Provided records:

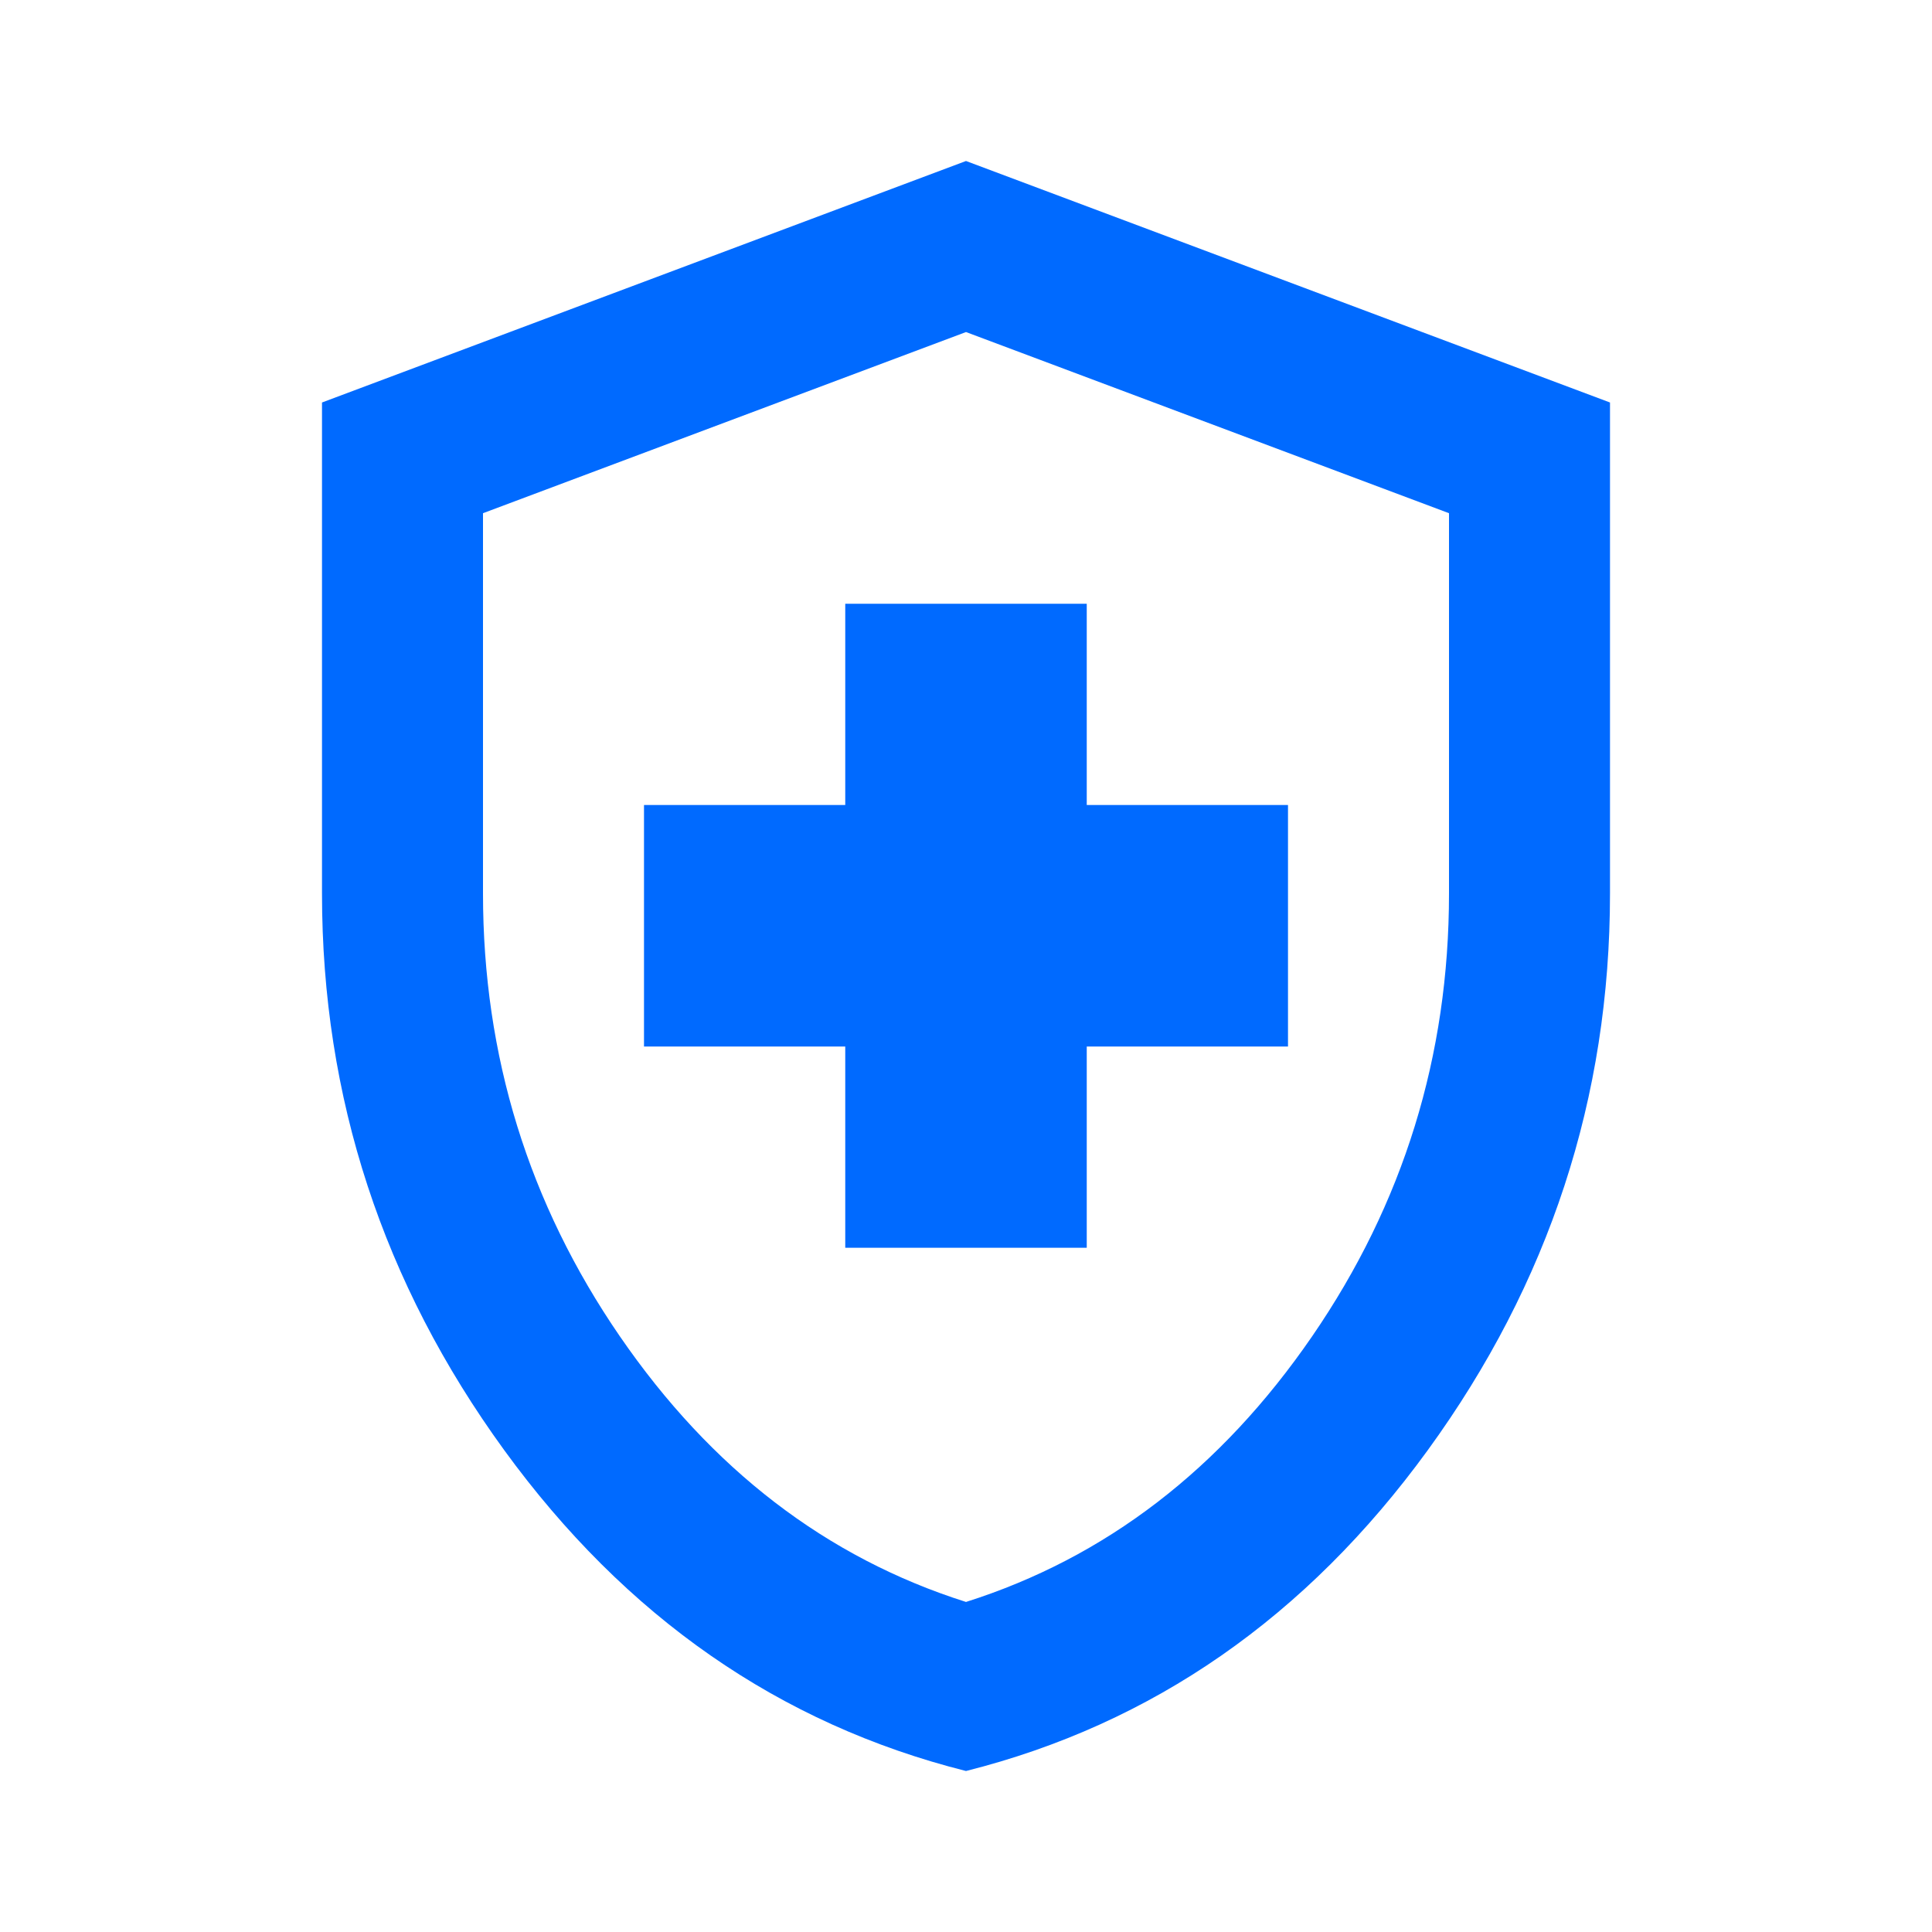 <svg width="30" height="30" viewBox="0 0 30 30" fill="none" xmlns="http://www.w3.org/2000/svg">
<mask id="mask0_6371_57243" style="mask-type:alpha" maskUnits="userSpaceOnUse" x="0" y="0" width="30" height="30">
<rect width="30" height="30" fill="#006AFF"/>
</mask>
<g mask="url(#mask0_6371_57243)">
<path d="M13.125 19.375H16.875V16.25H20V12.5H16.875V9.375H13.125V12.5H10V16.25H13.125V19.375ZM15 27.5C12.104 26.771 9.714 25.109 7.828 22.516C5.943 19.922 5 17.042 5 13.875V6.25L15 2.5L25 6.25V13.875C25 17.042 24.057 19.922 22.172 22.516C20.287 25.109 17.896 26.771 15 27.5ZM15 24.875C17.167 24.188 18.958 22.812 20.375 20.75C21.792 18.688 22.5 16.396 22.5 13.875V7.969L15 5.156L7.5 7.969V13.875C7.5 16.396 8.208 18.688 9.625 20.75C11.042 22.812 12.833 24.188 15 24.875Z" fill="#006AFF"/>
</g>
</svg>

What the task asks: Reproduce the full material exactly, excluding the pictures.

Result for this exercise:
 <svg width="30" height="30" viewBox="0 0 30 30" fill="none" xmlns="http://www.w3.org/2000/svg">
<mask id="mask0_6371_57243" style="mask-type:alpha" maskUnits="userSpaceOnUse" x="0" y="0" width="30" height="30">
<rect width="30" height="30" fill="#006AFF"/>
</mask>
<g mask="url(#mask0_6371_57243)">
<path d="M13.125 19.375H16.875V16.25H20V12.5H16.875V9.375H13.125V12.5H10V16.25H13.125V19.375ZM15 27.5C12.104 26.771 9.714 25.109 7.828 22.516C5.943 19.922 5 17.042 5 13.875V6.25L15 2.5L25 6.25V13.875C25 17.042 24.057 19.922 22.172 22.516C20.287 25.109 17.896 26.771 15 27.5ZM15 24.875C17.167 24.188 18.958 22.812 20.375 20.75C21.792 18.688 22.5 16.396 22.5 13.875V7.969L15 5.156L7.5 7.969V13.875C7.5 16.396 8.208 18.688 9.625 20.75C11.042 22.812 12.833 24.188 15 24.875Z" fill="#006AFF"/>
</g>
</svg>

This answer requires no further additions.